– Знаешь ли ты, Марджина, почему оказалась здесь? – наконец, после долгого молчания я услышала властный голос Амиран-апы.

– Я разбила Вашу дорогую китайскую вазу, – ответила я.

– Очень дорогую, заметь, которую мы хранили в этом доме очень давно, ибо этой вазы касался покойный император династии Чинь. И это была последняя капля в чаше моего терпения. Ты невнимательна, непочтительна и ленива, к тому же, ешь даже больше, чем твоя сестра, а я очень довольна ею. Я думаю, пожалуй таким, как ты место в домах терпимости, и я продам тебя моей знакомой Фатиме.

Она вдруг замолчала, и мне показалось, что прошла целая вечность прежде, чем тётя Амиран заговорила вновь под дрожание одинокой свечи.

– Но всё можно изменить, – вдруг сказала Амиран-апа.

– Изменить?

– Если ты скажешь, что ты знаешь об алмазе.

– Но я ничего не знаю, – простодушно ответила я.

Тётя Амиран вздохнула.

– Хорошо. Сегодня ты останешься без еды, а завтра я решу, что с тобой делать.

Она ушла со свечой, и в комнате снова стало темно и неуютно. Правда, в ту ночь мне не суждено было голодать. Часа через два по моим ощущениям в комнату вошла Диляра с подносом.

– Я принесла тебе рагу. Ты, должно быть, проголодалась, девочка.

Свет свечи позволял рассмотреть уже немолодое лицо этой доброй женщины. У неё были глубокие чёрные восточные глаза, в которых горел огонь мудрости. «Наверное, подобный взгляд принадлежит всем старикам», – подумала я.

На ней было тёмно-вишнёвое платье с жёлтой полосой по воротнику и подолу.

Наверное, в молодости она была очень хороша собой, но почему-то одинока.

– Спасибо, Диляра-апа, – произнесла я.

– Кушай, девочка, во имя Аллаха, и не думай о плохом.

Курица оказалась очень сочной, возможно, больше мне будет не суждено так вкусно и сытно поесть, судя по угрозам тёти Амиран.

В течение некоторого времени мы так и сидели молча. Наконец, я спросила:

– Диляра-апа, расскажите, почему до сих пор Вы одна?

Она тяжело вздохнула, поправила платок, скрывавший её густые уже поседевшие волосы.

– Когда-то я любила, и возможно, была бы очень счастлива с ним.

– Возможно? Но Вам что-то помешало? – спросила я.

– Он погиб где-то в горах, и я ничего о нём не знаю до сих пор.

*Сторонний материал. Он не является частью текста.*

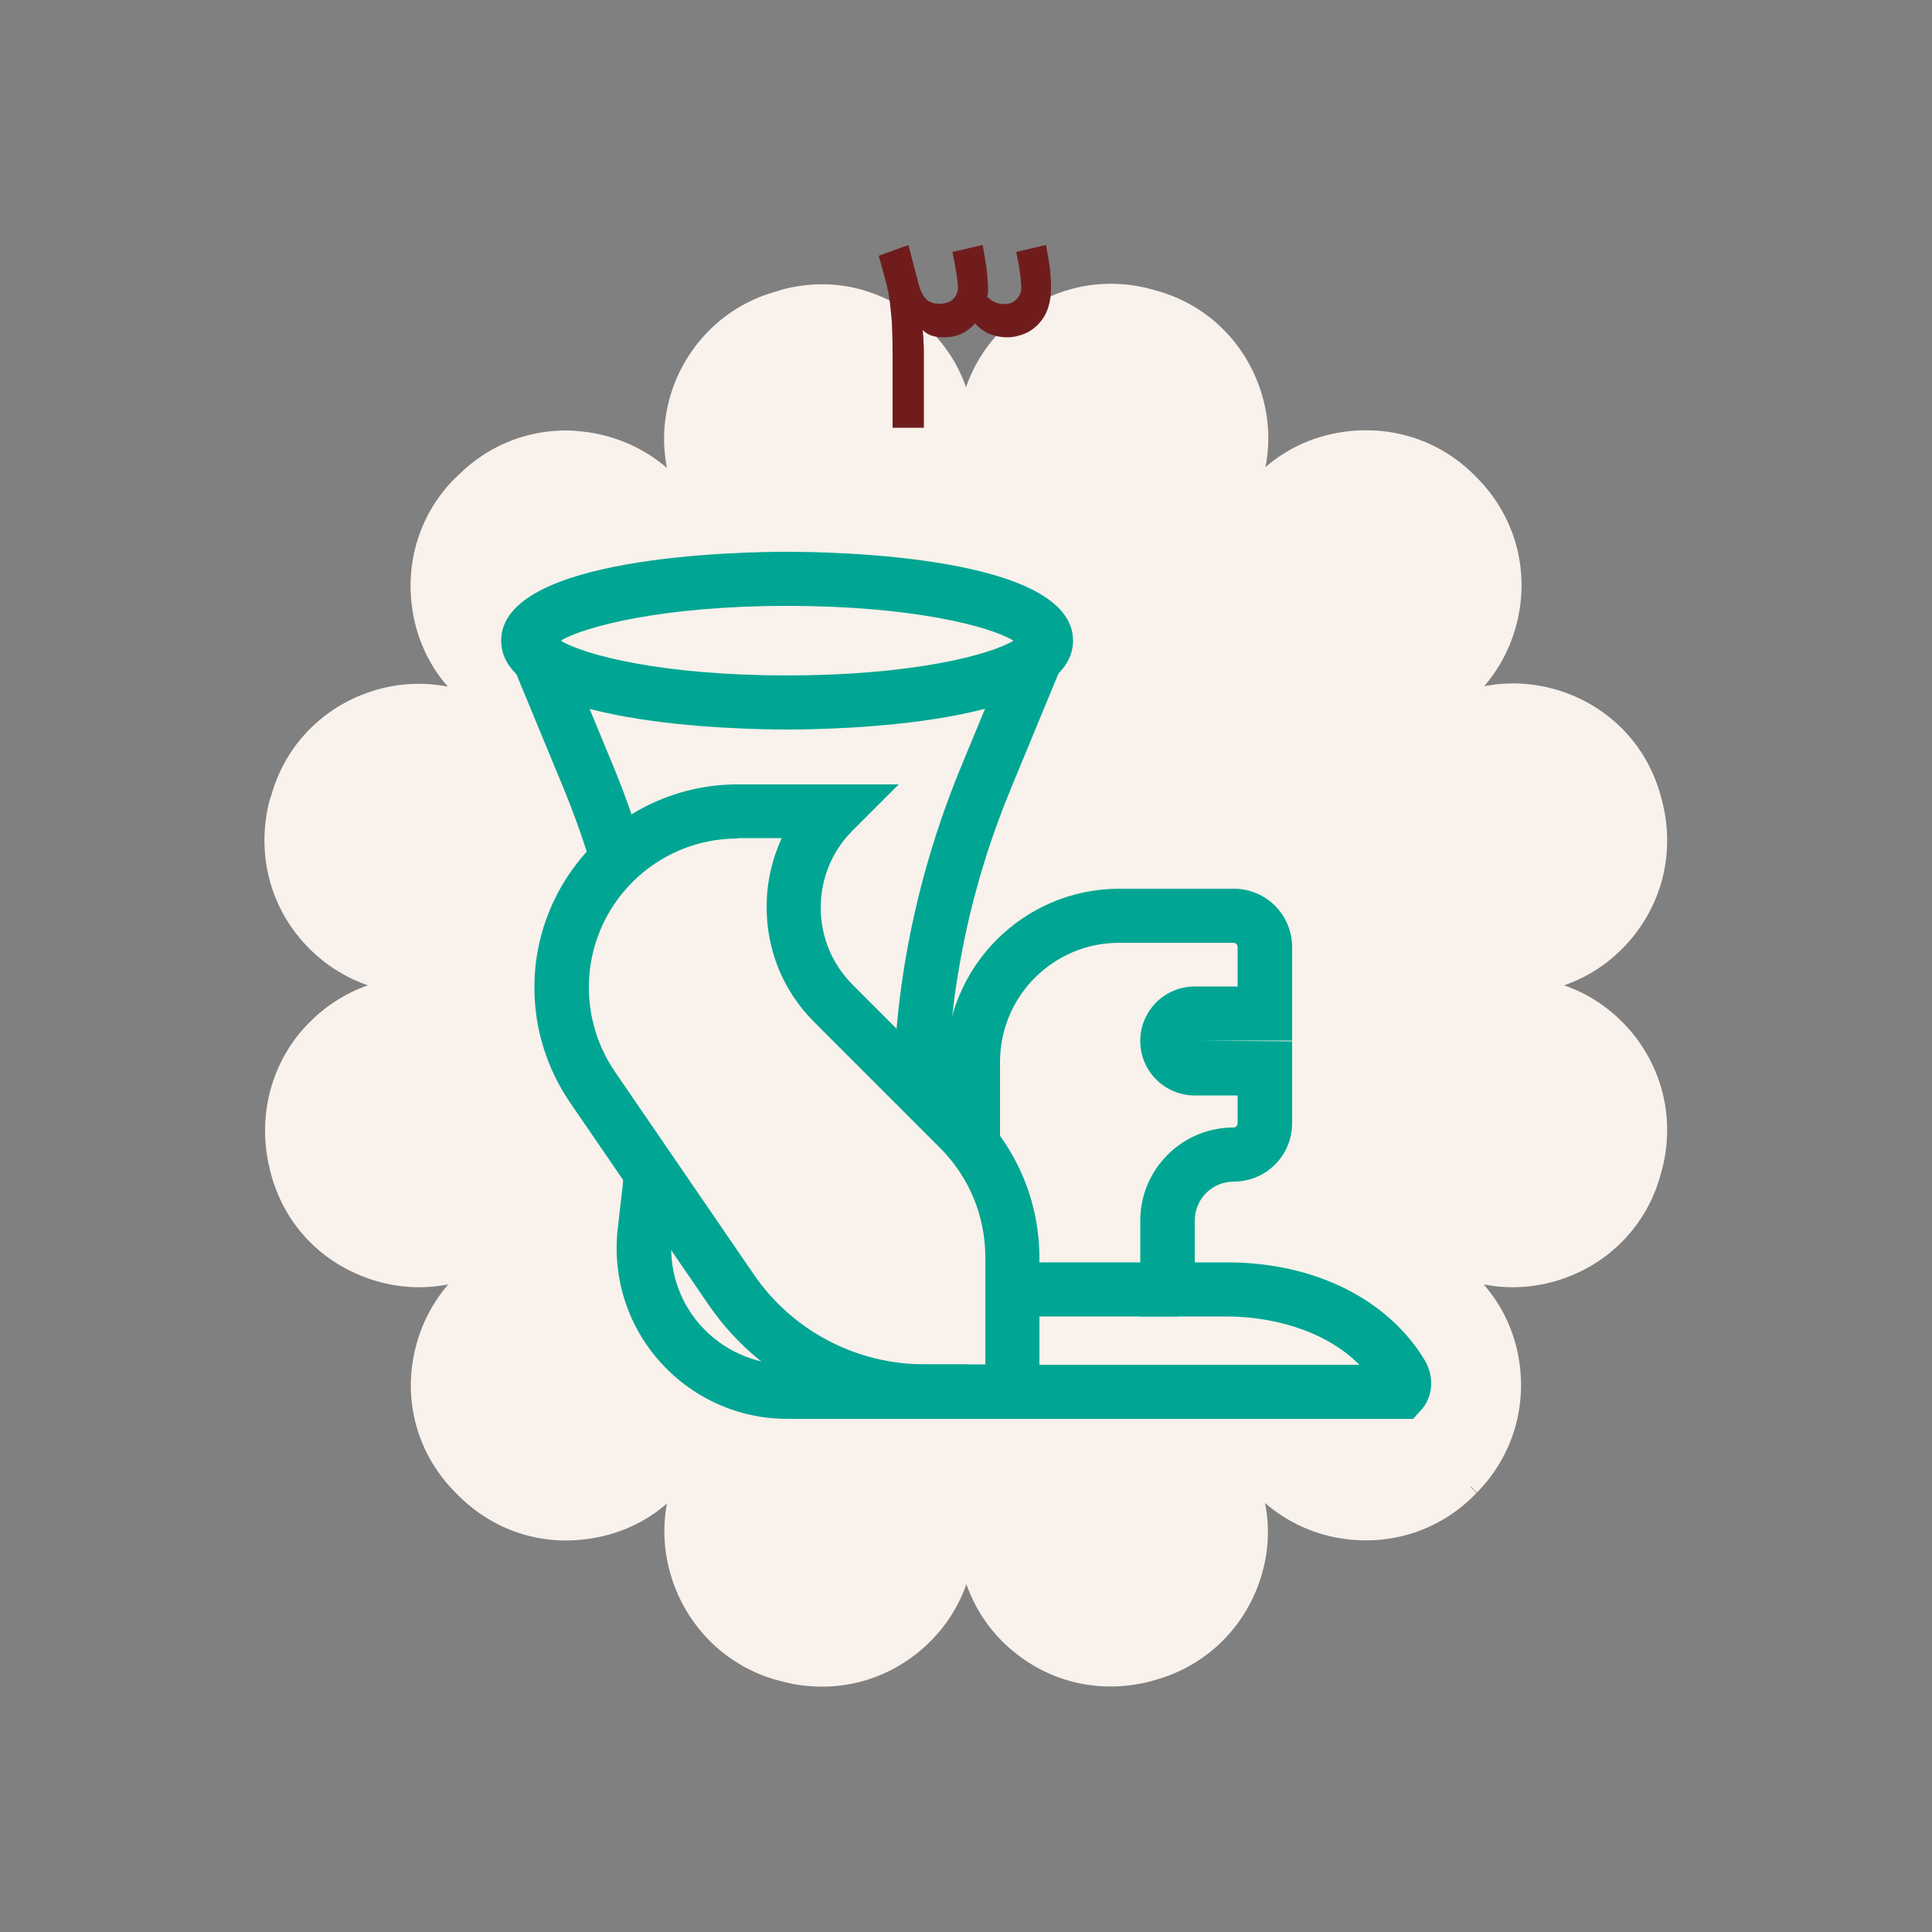 <svg xmlns="http://www.w3.org/2000/svg" xmlns:xlink="http://www.w3.org/1999/xlink" id="Layer_1" x="0px" y="0px" viewBox="0 0 500 500" style="enable-background:new 0 0 500 500;" xml:space="preserve"><rect x="0" y="0" width="500" height="500" fill="#808080" stroke="none"/><style type="text/css">	.st0{fill:#00A693;}	.st1{fill:none;stroke:#000000;stroke-width:3;stroke-miterlimit:10;}	.st2{fill:#D99058;}	.st3{fill:#CC3333;}	.st4{fill:#1C39BB;}	.st5{fill:#701C1C;}	.st6{fill:#5C5C5C;}	.st7{fill:#67C9C0;}	.st8{fill:#F9F1EB;}	.st9{fill:none;stroke:#000000;stroke-width:3;stroke-linejoin:round;stroke-miterlimit:10;}	.st10{fill:none;stroke:#00BDA7;stroke-width:3;stroke-miterlimit:10;}	.st11{fill:none;stroke:#000000;stroke-width:3;stroke-linecap:round;stroke-miterlimit:10;}	.st12{fill:none;}	.st13{fill:none;stroke:#00A693;stroke-width:3;stroke-linecap:round;stroke-linejoin:round;stroke-miterlimit:10;}	.st14{fill:none;stroke:#701C1C;stroke-miterlimit:10;}	.st15{fill:none;stroke:#701C1C;stroke-width:3;stroke-miterlimit:10;}	.st16{fill:#FFFFFF;}	.st17{clip-path:url(#SVGID_00000147207593329267866910000016849432774601830282_);}	.st18{clip-path:url(#SVGID_00000039843245686410848910000004098218484866972841_);}	.st19{clip-path:url(#SVGID_00000172398408461847923550000005828416734158634924_);}	.st20{clip-path:url(#SVGID_00000002381595463365188630000006989406050884896685_);}	.st21{fill:none;stroke:#D99058;stroke-width:3;stroke-linecap:round;stroke-miterlimit:10;}	.st22{fill:none;stroke:#D99058;stroke-width:3;stroke-miterlimit:10;}	.st23{fill:none;stroke:#00A693;stroke-width:3;stroke-linecap:round;stroke-miterlimit:10;}	.st24{fill:none;stroke:#00A693;stroke-width:3;stroke-miterlimit:10;}	.st25{fill:none;stroke:#67C9C0;stroke-width:3;stroke-linecap:round;stroke-linejoin:round;stroke-miterlimit:10;}	.st26{fill:none;stroke:#67C9C0;stroke-width:2.5;stroke-linecap:round;stroke-linejoin:round;stroke-miterlimit:10;}	.st27{clip-path:url(#SVGID_00000155117061260192746980000006351549418379351941_);}	.st28{clip-path:url(#SVGID_00000021089043336625590380000016605898469433091734_);}	.st29{clip-path:url(#SVGID_00000051357536320541817670000003281740267584094900_);}	.st30{clip-path:url(#SVGID_00000121996002577804406460000015084083956142227610_);}	.st31{fill:#1D1D1F;}	.st32{fill:none;stroke:#8CFF2E;stroke-width:0;stroke-miterlimit:10;}	.st33{fill:none;stroke:#8CFF2E;stroke-width:3;stroke-miterlimit:10;}	.st34{fill:#FFFFFF;stroke:#FFFFFF;stroke-width:5;stroke-miterlimit:10;}	.st35{clip-path:url(#SVGID_00000004504500530782370710000001906978389502446977_);}	.st36{clip-path:url(#SVGID_00000148627974243861354430000009785353355484295862_);}	.st37{clip-path:url(#SVGID_00000103247069577170145040000012601448487788793237_);}	.st38{clip-path:url(#SVGID_00000176765426258894730060000013688886009270027157_);}</style><g>	<g>		<path class="st8" d="M423.2,268.3c-4.8-6.2-11.2-10.8-18.4-13.3c7.2-2.5,13.5-7,18.4-13.3c7.6-9.9,10.1-22.4,6.9-34.6l-0.3-1.1   c-3.2-11.9-11.6-21.4-23-26.1c-7.3-3-15.2-3.8-22.7-2.3c5-5.8,8.2-12.9,9.3-20.7c1.7-12.3-2.4-24.4-11.1-33.2l-0.9-0.9   c-8.8-8.7-20.8-12.7-33.2-11.1c-7.8,1-15,4.2-20.7,9.2c1.5-7.5,0.7-15.4-2.3-22.7c-4.7-11.4-14.2-19.8-26-23l-1.4-0.4   c-12-3.2-24.5-0.7-34.4,6.9C257,86.7,252.5,93,250,100.2c-2.5-7.2-7.1-13.5-13.3-18.3c-9.7-7.5-22-10.3-34.5-6.9l-1.2,0.4   c-11.8,3.2-21.3,11.6-26.1,23c-3,7.3-3.8,15.1-2.3,22.7c-5.8-5-12.9-8.2-20.8-9.3c-1.8-0.2-3.5-0.4-5.3-0.4   c-10.5,0-20.4,4.1-27.8,11.5l-1,0.9c-8.7,8.8-12.7,20.8-11.1,33.1c1,7.8,4.2,15,9.3,20.8c-7.6-1.5-15.4-0.7-22.7,2.3   c-11.4,4.7-19.8,14.2-23,25.9l-0.4,1.1c-3.2,12.3-0.7,24.9,6.9,34.7C81.6,248,88,252.5,95.2,255c-7.2,2.5-13.5,7.1-18.4,13.3   c-7.5,9.8-10,22.4-6.9,34.6l0.3,1.2c3.3,11.9,11.6,21.3,23.1,26c7.3,3,15.1,3.8,22.7,2.3c-5,5.8-8.2,12.9-9.3,20.7   c-1.7,12.3,2.4,24.4,11.2,33.2l0.9,0.9c8.8,8.7,20.8,12.8,33.1,11.1c7.8-1,15-4.2,20.7-9.2c-1.4,7.5-0.6,15.2,2.4,22.5   c4.8,11.6,14.5,20.1,26.4,23.3l1.2,0.3c3.4,0.9,6.8,1.3,10.2,1.3c8.6,0,17-2.8,24.1-8.3c6.2-4.8,10.7-11.1,13.2-18.2   c2.5,7.1,7,13.5,13.2,18.2c9.8,7.6,22.3,10.1,34.6,6.9l0.6-0.2c12.1-3.2,21.8-11.7,26.6-23.3c3-7.3,3.8-15.1,2.3-22.6   c5.8,5,13,8.3,20.8,9.3c12.3,1.6,24.3-2.4,33-11l0.9-0.9l-1.5-1.6l0.1-0.1l1.5,1.6c8.7-8.8,12.7-20.9,11.1-33.1   c-1-7.9-4.3-15-9.3-20.8c7.5,1.5,15.4,0.7,22.7-2.3c11.4-4.7,19.8-14.2,23-25.9l0.4-1.4C433.3,290.7,430.8,278.2,423.2,268.3z"></path>	</g>	<g>		<path class="st5" d="M255.3,69.3c0.2,1.9,0.4,3.7,0.4,5.4c0,0.3,0,0.6,0,1c0,0.3-0.1,0.7-0.2,1.1c0.6,0.6,1.3,1.1,2,1.4   c0.7,0.3,1.5,0.5,2.2,0.5c1.5,0,2.6-0.4,3.4-1.3c0.8-0.8,1.2-1.8,1.2-2.9c0-2-0.4-5.1-1.3-9.3l7.7-1.8c0.4,2,0.7,3.9,1,5.9   c0.2,2,0.3,3.8,0.3,5.5c0,1.8-0.3,3.5-0.8,5c-0.5,1.5-1.3,2.8-2.3,3.9c-1,1.1-2.2,2-3.6,2.6c-1.4,0.6-3,1-4.7,1   c-1.5,0-2.9-0.3-4.3-0.8c-1.4-0.5-2.7-1.5-4-2.8c-1,1.2-2.2,2.1-3.5,2.7c-1.3,0.6-2.9,0.9-4.6,0.9c-2.4,0-4.2-0.6-5.4-1.9   c0.1,1,0.2,2.1,0.2,3.1c0.1,1.1,0.1,2.2,0.1,3.5v18.7h-8.1V91.4c0-3.2-0.1-5.9-0.2-8.2c-0.2-2.3-0.4-4.4-0.7-6.3   c-0.3-1.9-0.7-3.6-1.2-5.3c-0.5-1.7-0.9-3.5-1.5-5.4l7.7-2.8c0.5,1.9,0.9,3.5,1.3,5c0.4,1.5,0.8,3,1.2,4.6   c0.2,0.7,0.4,1.5,0.7,2.2c0.3,0.7,0.6,1.3,1,1.8c0.4,0.5,0.9,0.9,1.6,1.2c0.6,0.3,1.4,0.4,2.3,0.4c1.5,0,2.6-0.4,3.5-1.2   c0.8-0.8,1.2-1.8,1.2-3c0-1.6-0.5-4.7-1.4-9.2l7.8-1.8C254.7,65.4,255,67.4,255.3,69.3z"></path>	</g>	<g>		<g>			<g>				<path class="st0" d="M250.4,367.2h-46.7c-12.6,0-24.6-5.4-33-14.9c-8.4-9.4-12.3-22-10.8-34.6l0.7-6.1c0.3-2.5,0.6-5,0.8-7.5     l14,1.2c-0.2,2.7-0.5,5.3-0.8,8l-0.7,6.1c-1,8.5,1.6,17.1,7.4,23.6c5.7,6.4,13.9,10.1,22.5,10.1h46.7V367.2z"></path>			</g>			<g>				<path class="st0" d="M153.6,226.2c-2.2-7.7-4.9-15.3-8-22.8l-15.3-37l13-5.4l15.3,37c3.3,7.9,6.1,16.1,8.5,24.2L153.6,226.2z"></path>			</g>			<g>				<path class="st0" d="M245.2,282.3l-14-0.3c0.5-28.7,6.5-57,17.7-84l15.3-37l13,5.4l-15.3,37     C251.3,228.8,245.7,255.3,245.2,282.3z"></path>			</g>		</g>		<g>			<path class="st0" d="M269,367.2h-29.6c-22.4,0-43.3-11-56-29.5l-35.9-52.4c-6-8.8-9.2-19.1-9.2-29.7c0-29,23.6-52.6,52.6-52.6    h41.7l-12,12c-5.3,5.3-8.2,12.4-8.2,19.9c0,7.5,2.9,14.5,8.2,19.9l32.6,32.6c10.2,10.2,15.8,23.8,15.8,38.3V367.2z M190.9,217    c-21.3,0-38.5,17.3-38.5,38.5c0,7.8,2.3,15.3,6.7,21.8l35.9,52.4c10,14.7,26.6,23.4,44.4,23.4H255v-27.7    c0-10.7-4.2-20.8-11.7-28.3l-32.6-32.6c-8-8-12.3-18.5-12.3-29.8c0-6.3,1.4-12.3,3.9-17.8H190.9z"></path>		</g>		<g>			<path class="st0" d="M365.7,367.2h-114v-14h100.1c-9-9.1-23-12.5-34.3-12.5h-22.4v-24.8c0-13.3,10.8-24.1,24.1-24.1    c0.6,0,1.1-0.5,1.1-1.1v-7.2h-11.1c-7.8,0-14.1-6.3-14.1-14.1c0-7.8,6.3-14.1,14.1-14.1h11.1v-10.2c0-0.6-0.5-1.1-1.1-1.1h-29.6    c-17,0-30.8,13.8-30.8,30.9v23.8h-14v-23.8c0-24.7,20.1-44.9,44.9-44.9h29.6c8.4,0,15.1,6.8,15.1,15.1v24.2h-25.1l25.1,0.2v21.2    c0,8.4-6.8,15.1-15.1,15.1c-5.6,0-10.1,4.5-10.1,10.1v10.8h8.4c22.5,0,41.6,9.5,51.1,25.3c2.9,4.9,1.7,10-0.8,12.8L365.7,367.2z     M356.6,359.2L356.6,359.2L356.6,359.2z"></path>		</g>		<g>			<rect x="260.8" y="326.7" class="st0" width="44" height="14"></rect>		</g>		<g>			<path class="st0" d="M203.7,188.8c-12.4,0-74-1.1-74-23s61.6-23,74-23c12.4,0,74,1.1,74,23S216,188.8,203.7,188.8z M145.1,165.8    c6.1,3.7,26.2,9,58.6,9s52.5-5.3,58.6-9c-6.1-3.7-26.2-9-58.6-9S151.2,162.2,145.1,165.8z"></path>		</g>	</g></g></svg>

Слёзы проступили на моих глазах, ещё немного, и я бы разрыдалась, но мой восточный темперамент и горячая кровь возобладали. Я сдержала свои эмоции и только грустно произнесла:

– Мне жаль, Диляра-апа. Мой отец тоже погиб в горах. И теперь у меня никого нет.

Я почувствовала, как Диляра-апа погладила меня по голове. Она сочувствовала мне, и от этого на моей душе стало теплее.

– А где же Хабиб? – спросила я.

– Он спрашивал о тебе, но я уложила его спать.

– Хабиб – добрый мальчик, – сказала я.

– Совсем не такой, как его родители, – едва слышно проговорила кухарка, возможно, боясь, что нас могут услышать.

Кроме рагу Диляра-апа принесла ещё кусочек халвы, той халвы, которую я всегда так любила.

Она ушла, оставив меня совершенно одну. Свеча дрожала, я ещё раз вдохнула ароматные запахи, исходящие от рагу.

«Почему Амиран-апа думает, что я могу что-то знать об алмазе?» – подумала я.

Мысленно я возблагодарила Аллаха, что тётя Амиран не догадалась обыскать меня, ведь алмаз хранился в кармане моей внутренней юбки. В тот вечер я так и не смогла спокойно уснуть, вспоминая всю свою жизнь, родной дом в Бухаре, в котором существование моё было вполне беззаботным. Я беспокоилась за Лейлу, ведь моя младшая сестрёнка был такой беззащитной. Я бы смогла помочь ей, если бы почувствовала, что ей плохо.

Свеча погасла, рагу и халва были съедены.

Диляра-апа пришла за тарелками уже под утро, чтобы Амиран не узнала о её скромной помощи мне.